Greater Tibet is a made-up concept. It includes places like Arunachal Pradesh
where Hindus outnumber Buddhists, and Hindus themselves are outnumbered by
Christians. The same width Ladakh. It's just communist propaganda to justify a
Chinese land grab.

> _Perhaps as a consequence, Tibetan are ethnically closer to East Asians than
> to South Asians (I think that is visually obvious)._

Thank you for your opinion, but I'm not interested in 18th century racist
tropes.

> _Their language is not related to Indian languages and neither is
> traditional clothing._

I like how you dismiss the fact that their script is directly derived from
Brahmi but consider their language very important.
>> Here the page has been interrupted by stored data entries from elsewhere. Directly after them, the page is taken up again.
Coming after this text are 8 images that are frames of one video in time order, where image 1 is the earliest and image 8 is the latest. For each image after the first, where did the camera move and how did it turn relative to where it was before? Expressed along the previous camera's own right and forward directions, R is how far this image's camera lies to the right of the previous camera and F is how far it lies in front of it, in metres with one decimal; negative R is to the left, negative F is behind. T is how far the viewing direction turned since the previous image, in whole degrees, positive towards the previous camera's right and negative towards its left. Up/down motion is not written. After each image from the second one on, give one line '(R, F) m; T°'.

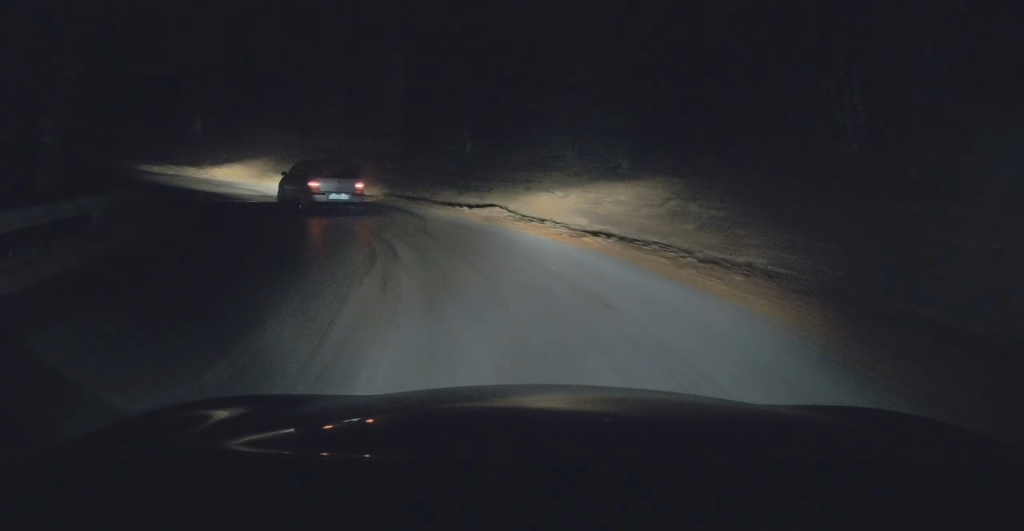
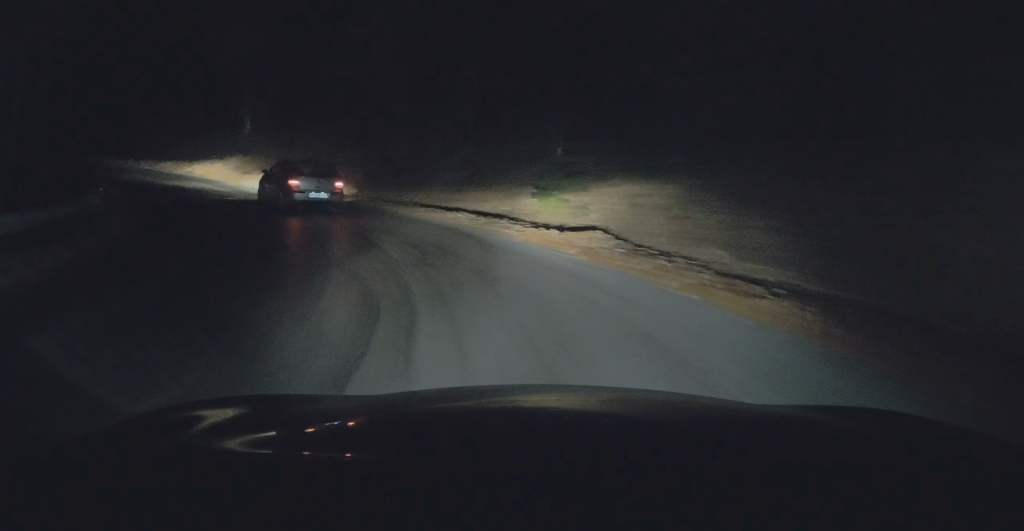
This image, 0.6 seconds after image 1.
(-0.2, +4.5) m; -6°
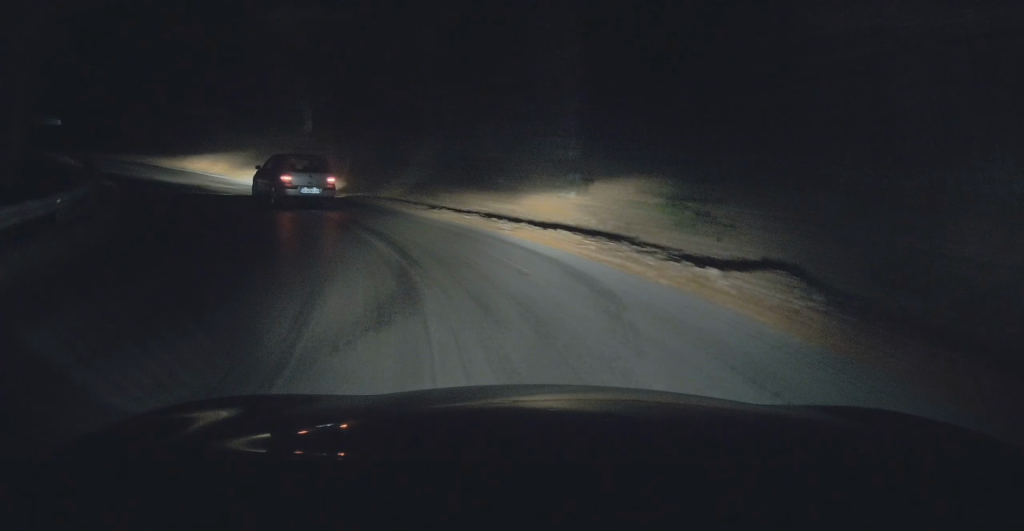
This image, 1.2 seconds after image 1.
(0.0, +4.3) m; -6°
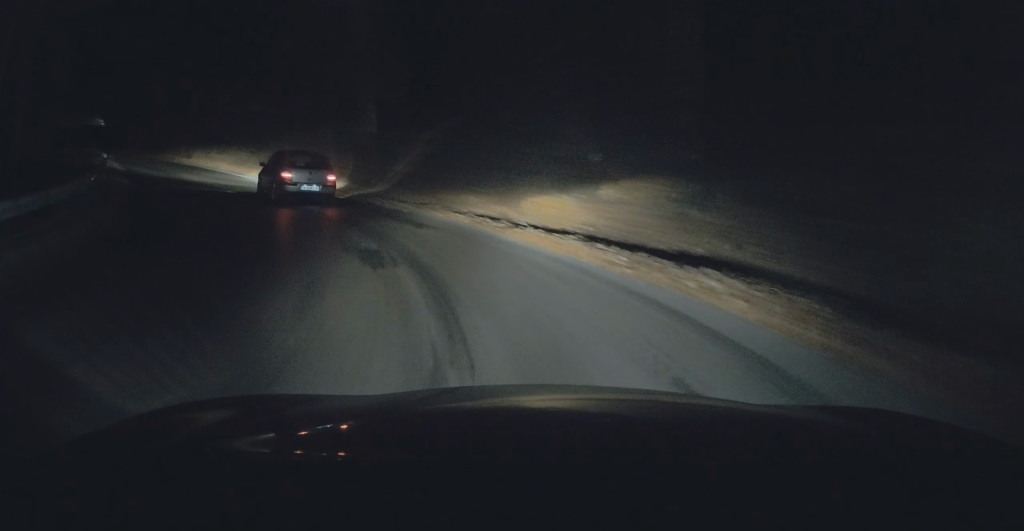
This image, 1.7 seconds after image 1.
(-0.4, +3.9) m; -8°
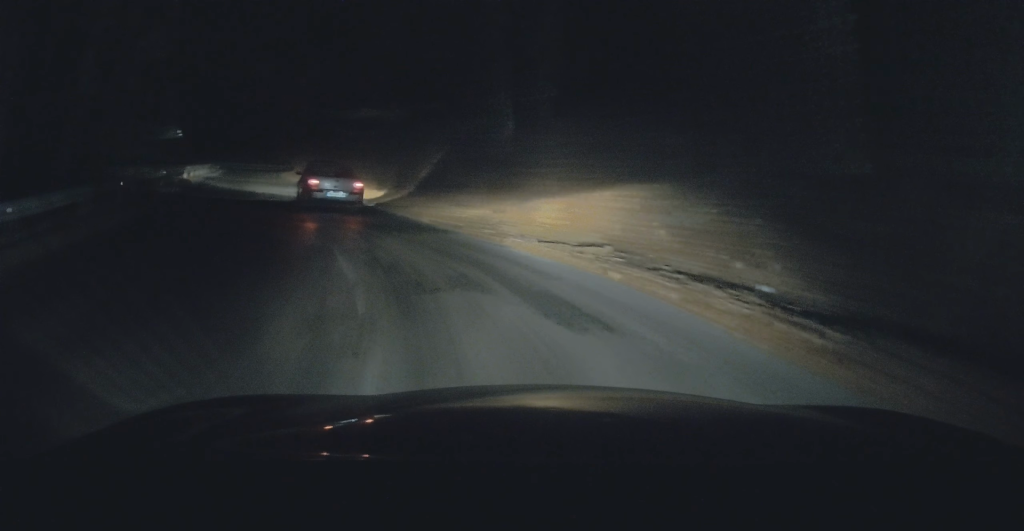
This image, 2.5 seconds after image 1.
(-0.8, +6.8) m; -14°
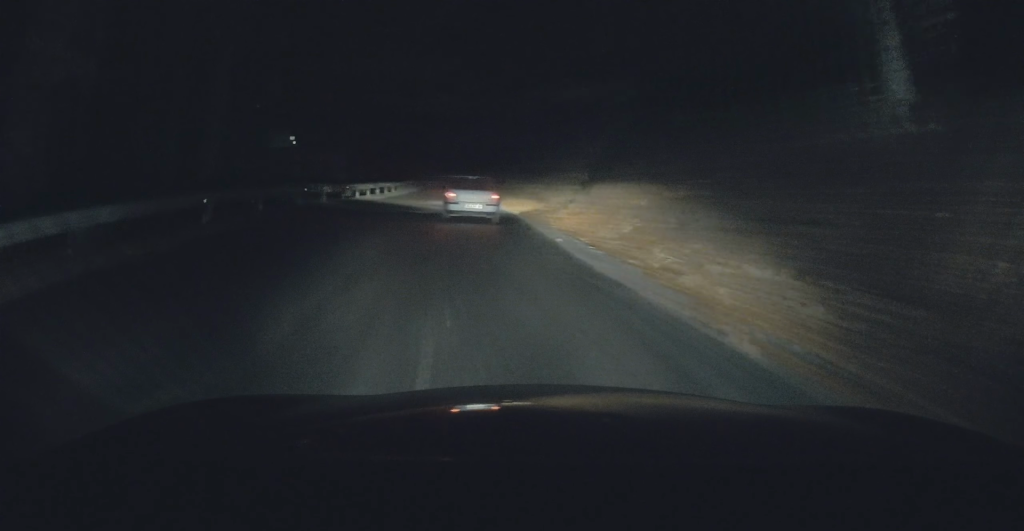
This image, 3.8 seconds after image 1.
(-1.9, +10.7) m; -19°
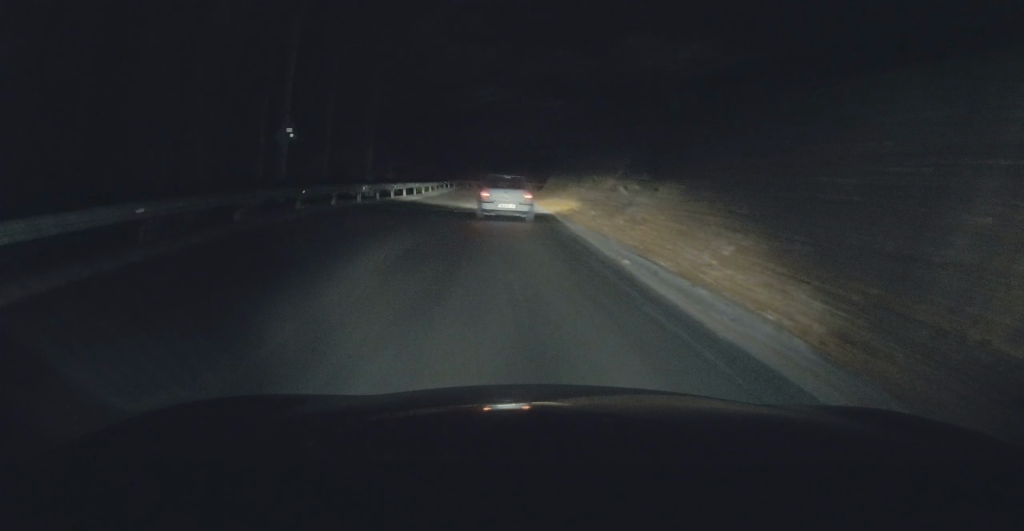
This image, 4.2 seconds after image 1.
(+0.1, +3.9) m; -6°
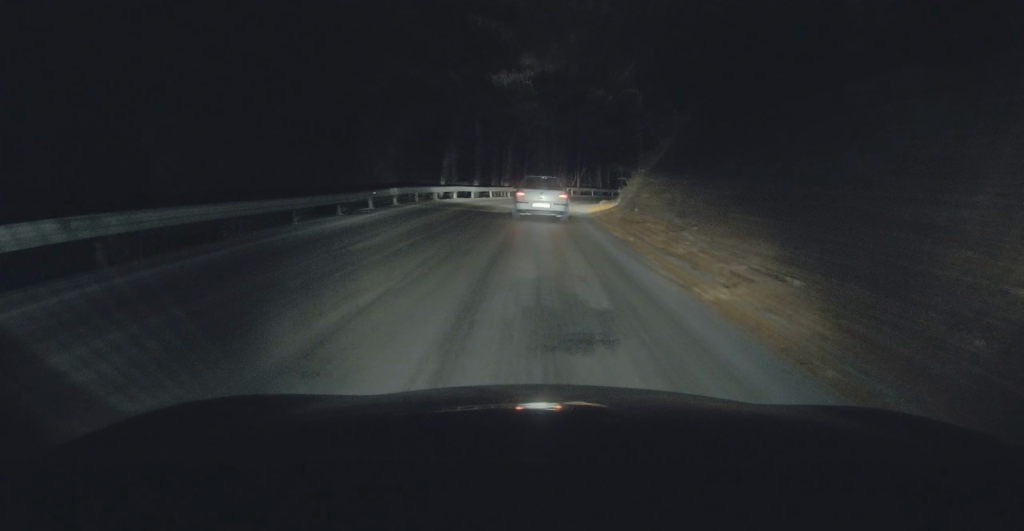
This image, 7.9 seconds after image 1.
(-3.4, +35.0) m; -8°

For the record though,
plenty of languages related to Tibetan are spoken in the north and north east
of India.

Also enlighten us on what you think traditional Indian clothing is, and what
traditional Tibetan clothing is.

> _Historically Tibet has had close contacts with China and was periodically
> under Chinese vassality /rule since at least the Tang Dynasty in the 7th
> century._

Yes, the Chinese have repeatedly tried to invade Tibet. If you think that is a
claim for Chinese culture being close to Tibetan culture, I don't know what to
tell you! Do you also think that French culture is similar to Arab culture
because the "Holy" Roman emperors repeatedly tried to invade Jerusalem?